Au total, il est difficile de dire jusqu’où le NIST ira dans l’enquête. Si sa première évaluation indique qu’il y avait, par exemple, des défauts de construction évidents et qu’il n’a fallu que 40 ans pour qu’ils se manifestent, l’organisation ne creusera peut-être pas beaucoup plus loin que cela, a déclaré Schafer.

Au laboratoire

Le NIST dispose d’un grand laboratoire bien équipé qui peut l’aider à examiner les échantillons qu’il a prélevés sur le site. Ramirez a déclaré qu’il est probable que l’équipe ait collecté à la fois les décombres et les rares morceaux de structure qui restent. « Cela leur permet d’évaluer s’il y avait une différence significative dans les propriétés des matériaux entre les deux sections », a-t-il déclaré à Ars.

Le NIST testera probablement les restes en utilisant des méthodes destructives et non destructives. L’équipe peut utiliser ces méthodes sur les matériaux collectés ou sur des matériaux proxy du même type. Les méthodes non destructives comprennent l’utilisation de tests radar ou d’écho d’impact ; lorsqu’ils sont utilisés sur de plus grandes portions de gravats – disons un morceau de béton avec les armatures toujours à l’intérieur – ceux-ci indiquent où se trouve la barre d’armature en acier dans l’échantillon et quelle en est la quantité.

Pour les essais destructifs, l’équipe pourrait finir par utiliser une machine uniaxiale, également appelée machine d’essai universelle– qui exerce une force sur un matériau de différentes manières pour tester sa résistance à la traction et à la compression, entre autres propriétés. Ce processus entraîne la rupture du noyau, afin qu’ils puissent dire à quel point il est durable. L’équipe prendra très probablement un noyau (généralement 3×6 pouces) d’un morceau de béton (en s’assurant qu’il n’y a pas de barres d’armature dans le noyau) pour les tests, a déclaré Ramirez.

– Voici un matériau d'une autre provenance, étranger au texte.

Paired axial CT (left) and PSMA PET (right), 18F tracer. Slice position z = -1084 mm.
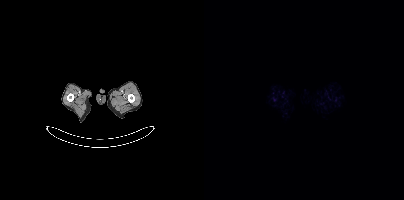
No PSMA-avid tumor lesions on this slice.
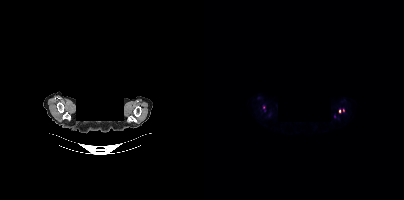
Face de-identified by blanking a block of the head.
Coordinates are on the 200×200 PET (right) panel. Small PSMA-avid foci (2 to 4 px across) near (center x, center y): (59, 107), (135, 110).

Le béton n’est pas particulièrement homogène : il n’y a pas de dispersion uniforme de tous les morceaux de gravier, de pierre et de sable qu’il contient. En tant que tel, un noyau pourrait contenir un plus gros morceau d’agrégat à l’intérieur, a déclaré Ramirez. Cela pourrait avoir un impact sur le résultat des tests. De même, la résistance des échantillons prélevés sur le site pourrait être compromise en raison de la quantité de force impliquée dans l’effondrement du bâtiment. Habituellement, les enquêteurs prennent plusieurs cœurs et effectuent plusieurs tests, a-t-il déclaré, afin de s’assurer que ces différences s’équilibrent.

Aller de l’avant

En fonction du reste de ses travaux, le NIST peut choisir d’effectuer des simulations informatiques à l’aide de ses données et observations. Selon Ramirez, l’équipe pourrait finir par utiliser des programmes d’analyse structurelle, similaires à ceux qu’il utilise lors de la conception de quelque chose. Alternativement, l’équipe pourrait analyser ses découvertes et recréer l’effondrement avec des outils plus sophistiqués, comme Analyse des éléments finis. Ceci est plus couramment utilisé dans le domaine aérospatial et peut tenir compte de la géométrie complexe, des matériaux irréguliers, etc.

Un logiciel comme ABAQUS peut effectuer cette tâche, et il semble que le NIST ait, au moins dans le passé, l’a utilisé. À partir des découvertes précédentes et des images de l’effondrement de la tour, le groupe peut utiliser ces simulations pour tester ses idées. «Cela va prendre du temps, évidemment. Même avec la puissance des ordinateurs et ainsi de suite, vous pouvez imaginer à quel point cette tâche est laborieuse », a déclaré Ramirez.

Selon Schafer, pratiquement tous les grands effondrements de bâtiments au cours des 50 dernières années ont, dans une certaine mesure, conduit à des changements dans les codes du bâtiment des États-Unis. Il a dit qu’il serait choqué s’il n’y avait aucun changement dans ce cas, peut-être sur la façon dont nous prévenons la corrosion ou organisons les inspections des bâtiments. Mais, en ce moment, il est trop tôt pour spéculer.

« Le domaine est très déterminé à tirer les leçons des échecs. Les échecs sont rares, ce qui veut dire que nous réussissons généralement, mais le but est certainement de ne rien avoir [at] ce niveau de tragédie », a-t-il déclaré.